- **WHAT YOU HAVE TO DO**:
Return the records exactly as they stand, and keep the pictures out of the copy.

[Stored dataset items]
■ ■ ■ ■

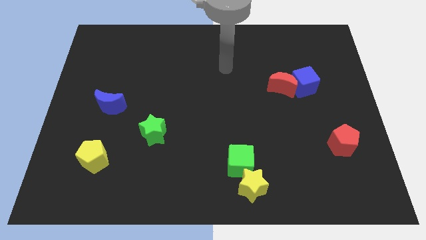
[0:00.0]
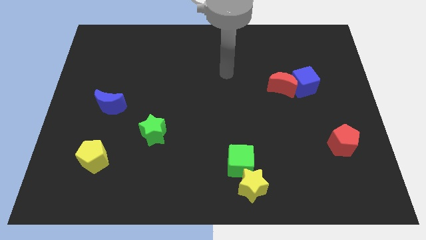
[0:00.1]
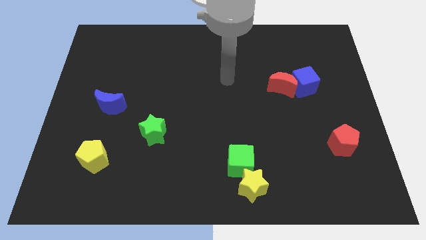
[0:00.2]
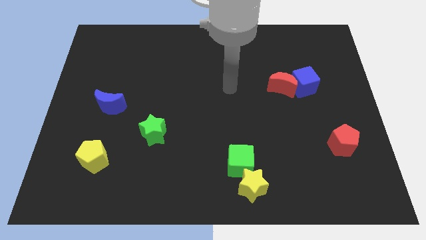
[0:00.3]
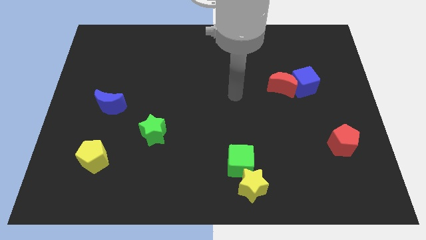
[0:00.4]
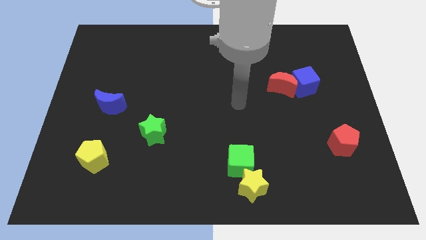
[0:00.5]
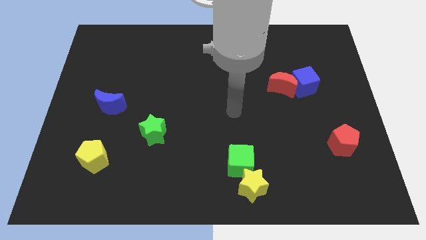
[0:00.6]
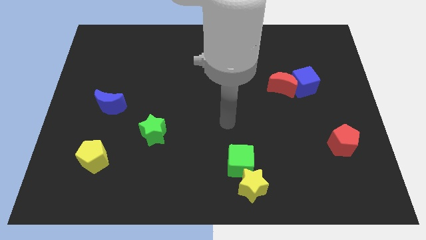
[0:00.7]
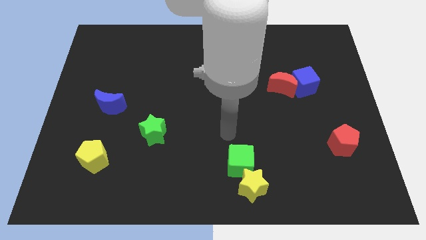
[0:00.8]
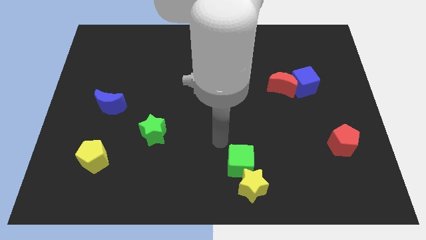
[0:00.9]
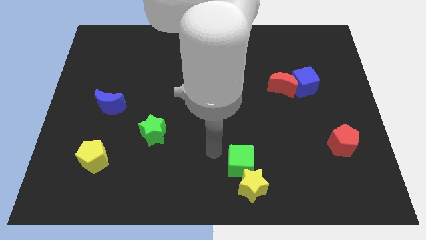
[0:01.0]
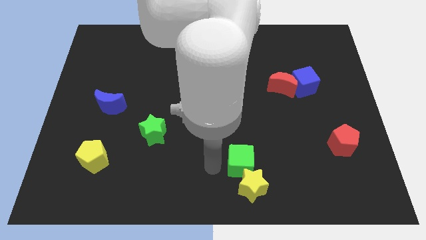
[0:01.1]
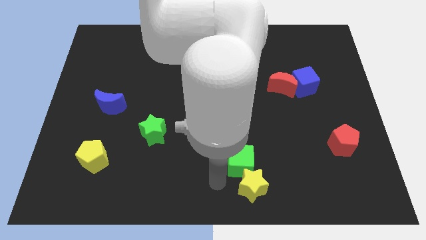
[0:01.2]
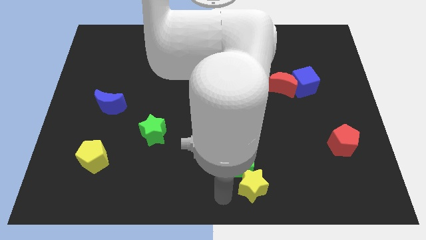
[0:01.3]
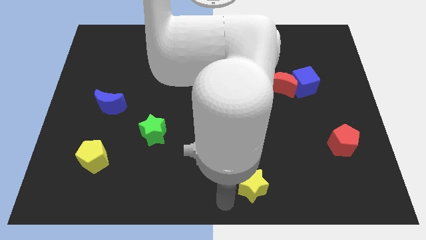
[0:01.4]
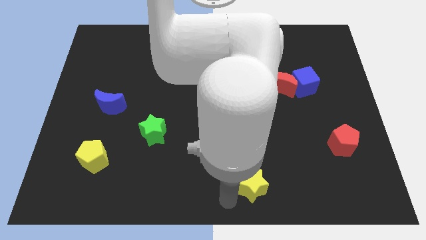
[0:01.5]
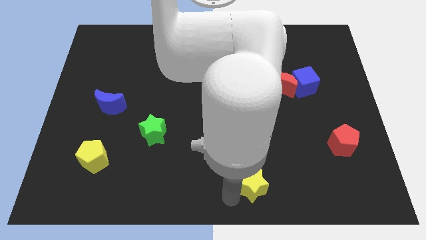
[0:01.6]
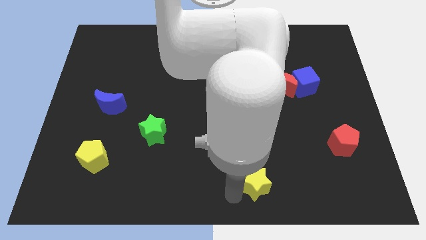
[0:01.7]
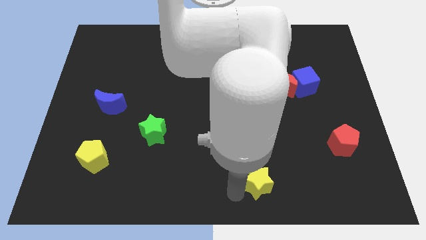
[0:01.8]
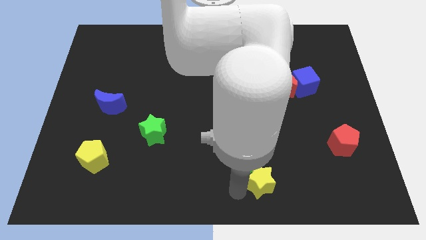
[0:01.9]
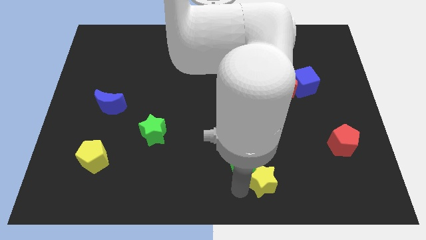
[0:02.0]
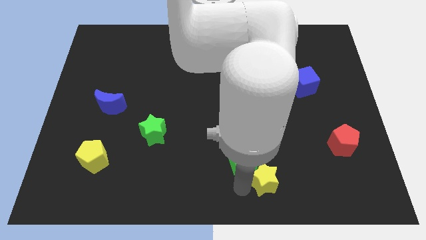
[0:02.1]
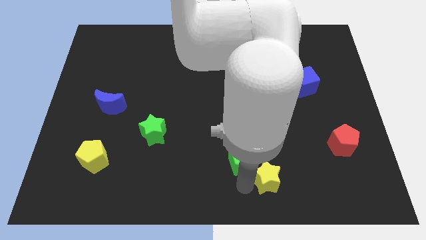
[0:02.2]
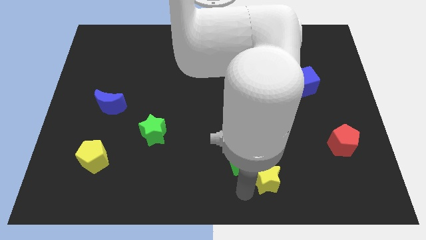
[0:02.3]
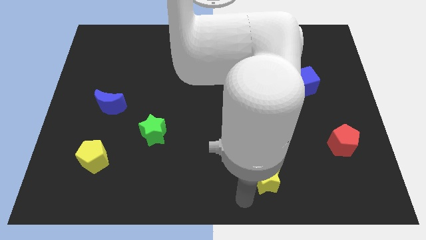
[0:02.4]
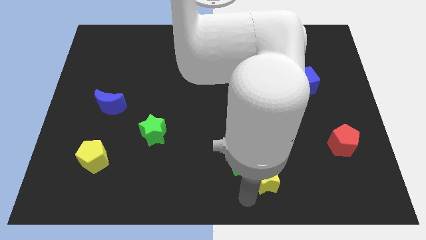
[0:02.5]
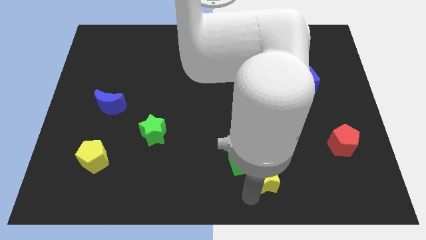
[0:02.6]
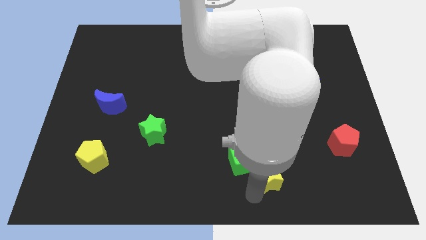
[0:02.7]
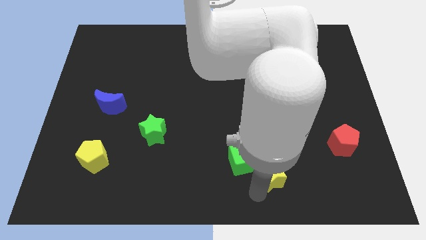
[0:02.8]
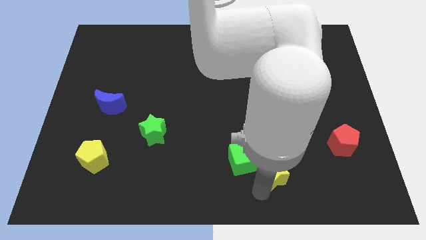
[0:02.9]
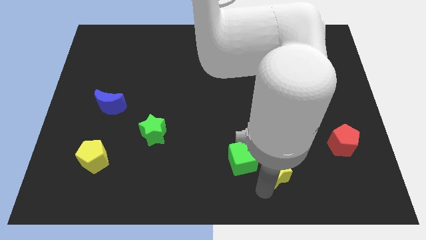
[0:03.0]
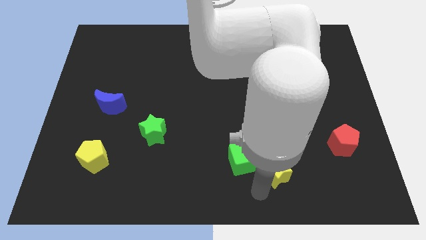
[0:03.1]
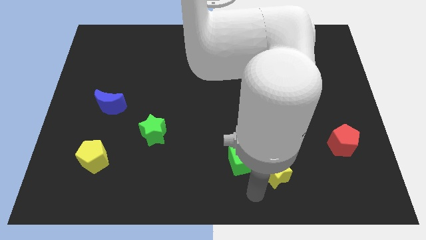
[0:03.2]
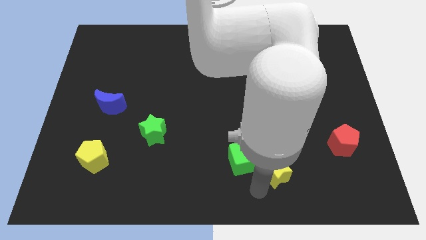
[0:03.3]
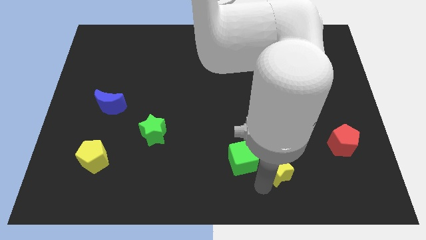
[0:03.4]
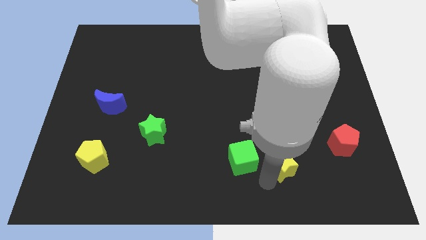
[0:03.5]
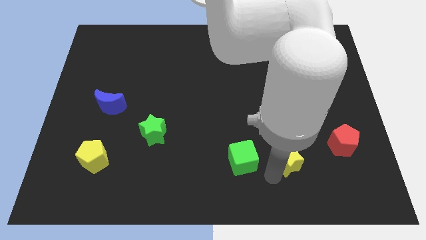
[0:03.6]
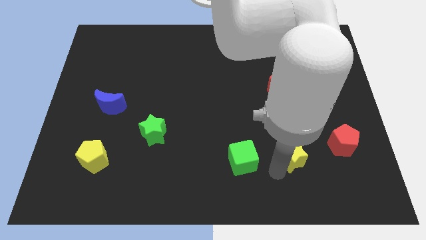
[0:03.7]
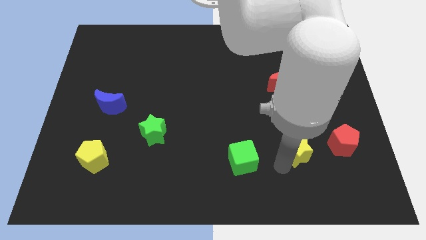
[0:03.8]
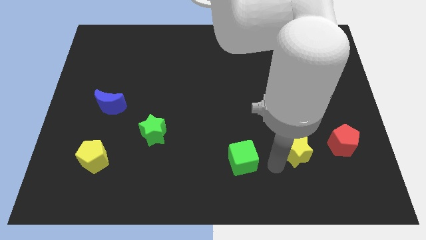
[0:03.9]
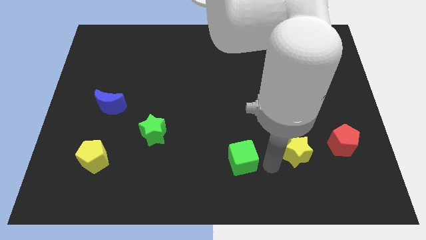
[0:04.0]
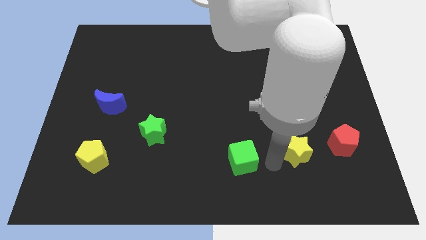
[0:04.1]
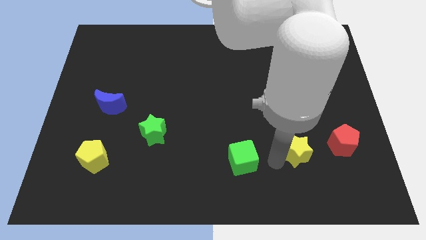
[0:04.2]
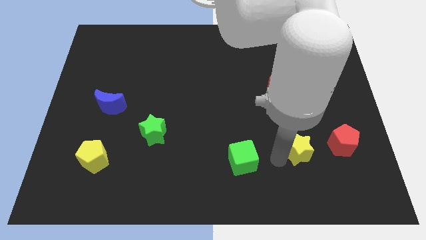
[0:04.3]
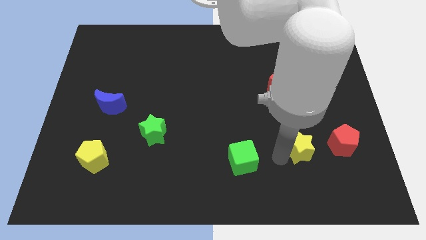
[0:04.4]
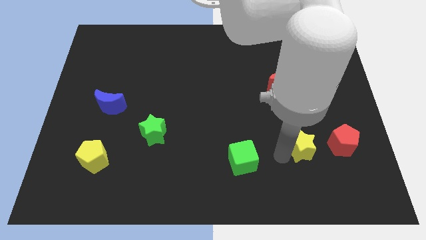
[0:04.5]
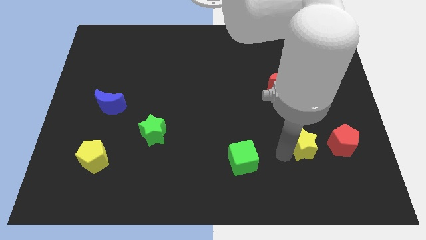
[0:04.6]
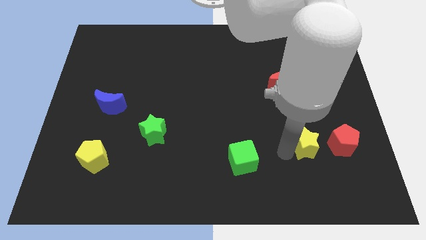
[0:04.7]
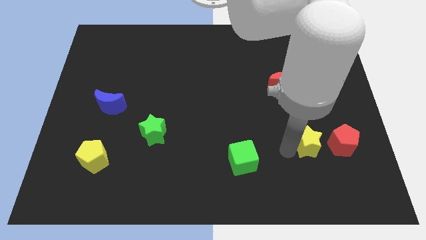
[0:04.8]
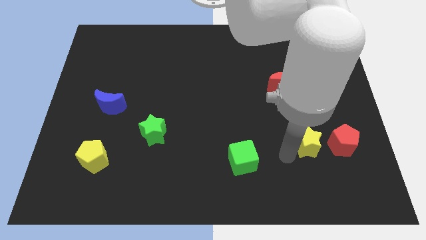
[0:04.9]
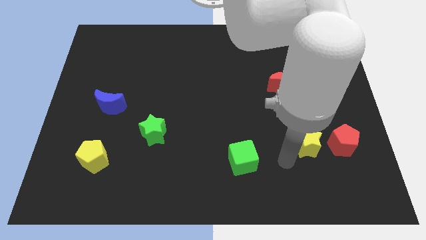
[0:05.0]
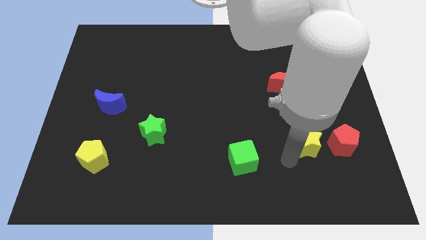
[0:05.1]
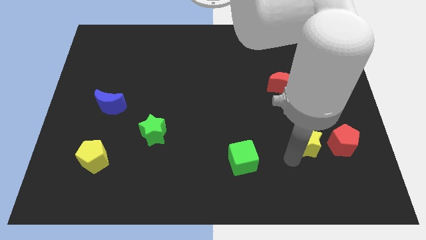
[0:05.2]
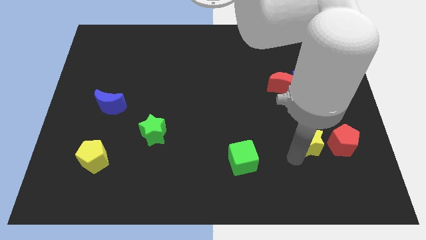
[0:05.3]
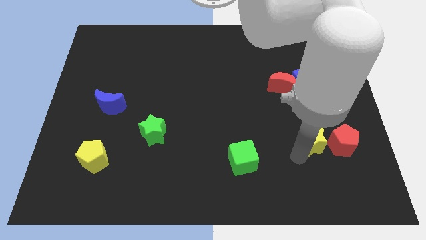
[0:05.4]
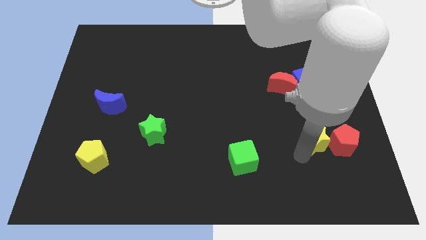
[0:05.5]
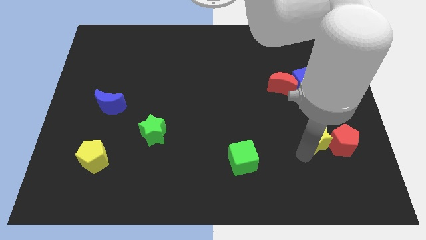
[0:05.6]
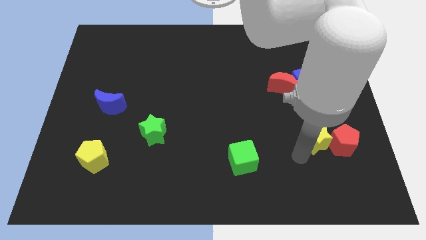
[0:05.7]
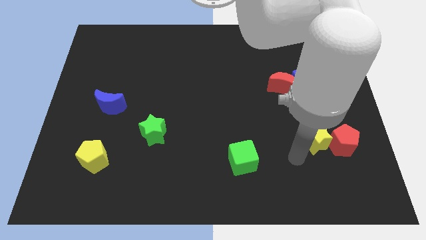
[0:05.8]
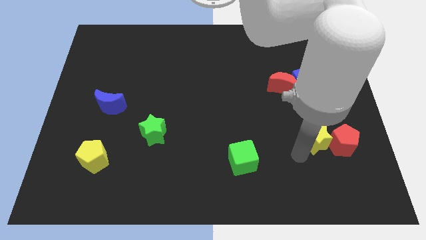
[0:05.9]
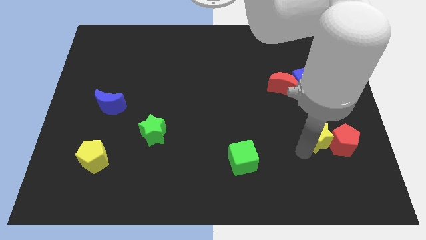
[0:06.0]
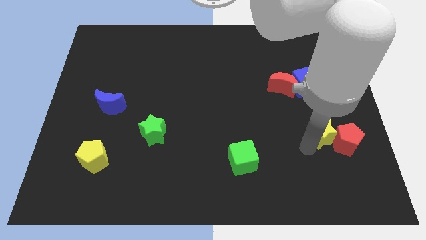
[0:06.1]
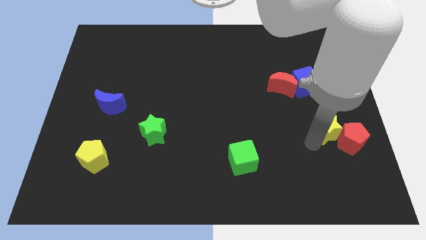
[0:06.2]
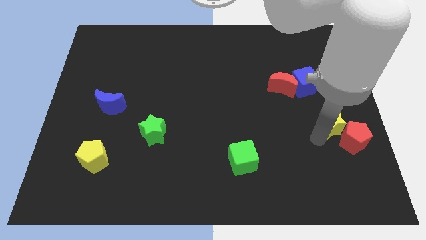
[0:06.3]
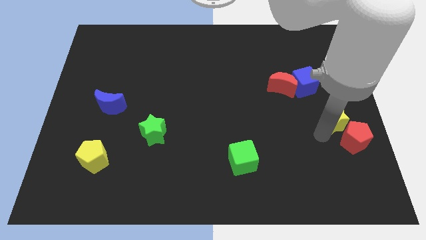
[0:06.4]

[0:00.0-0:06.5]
push the yellow star to the right side

■ ■ ■ ■

- **ANSWER SPACE**:
[0:00.0]
[0:00.1]
[0:00.2]
[0:00.3]
[0:00.4]
[0:00.5]
[0:00.6]
[0:00.7]
[0:00.8]
[0:00.9]
[0:01.0]
[0:01.1]
[0:01.2]
[0:01.3]
[0:01.4]
[0:01.5]
[0:01.6]
[0:01.7]
[0:01.8]
[0:01.9]
[0:02.0]
[0:02.1]
[0:02.2]
[0:02.3]
[0:02.4]
[0:02.5]
[0:02.6]
[0:02.7]
[0:02.8]
[0:02.9]
[0:03.0]
[0:03.1]
[0:03.2]
[0:03.3]
[0:03.4]
[0:03.5]
[0:03.6]
[0:03.7]
[0:03.8]
[0:03.9]
[0:04.0]
[0:04.1]
[0:04.2]
[0:04.3]
[0:04.4]
[0:04.5]
[0:04.6]
[0:04.7]
[0:04.8]
[0:04.9]
[0:05.0]
[0:05.1]
[0:05.2]
[0:05.3]
[0:05.4]
[0:05.5]
[0:05.6]
[0:05.7]
[0:05.8]
[0:05.9]
[0:06.0]
[0:06.1]
[0:06.2]
[0:06.3]
[0:06.4]

[0:00.0-0:06.5]
push the yellow star to the right side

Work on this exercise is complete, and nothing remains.